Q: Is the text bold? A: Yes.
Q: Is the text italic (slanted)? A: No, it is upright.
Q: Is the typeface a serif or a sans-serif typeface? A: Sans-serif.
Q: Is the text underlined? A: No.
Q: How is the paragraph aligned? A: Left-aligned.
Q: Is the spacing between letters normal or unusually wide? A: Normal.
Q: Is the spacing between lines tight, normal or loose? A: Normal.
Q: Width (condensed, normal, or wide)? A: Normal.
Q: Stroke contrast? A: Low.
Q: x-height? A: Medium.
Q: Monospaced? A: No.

◆ ◆ ◆ ◆ ◆

• [ACTIVITY]
Only the lines from the one containing "Q: Is the text underlined? A: No." through the end of the material belong in the answer, each restated word for word.

• [RESPONSE FOR THIS EXERCISE]
Q: Is the text underlined? A: No.
Q: How is the paragraph aligned? A: Left-aligned.
Q: Is the spacing between letters normal or unusually wide? A: Normal.
Q: Is the spacing between lines tight, normal or loose? A: Normal.
Q: Width (condensed, normal, or wide)? A: Normal.
Q: Stroke contrast? A: Low.
Q: x-height? A: Medium.
Q: Monospaced? A: No.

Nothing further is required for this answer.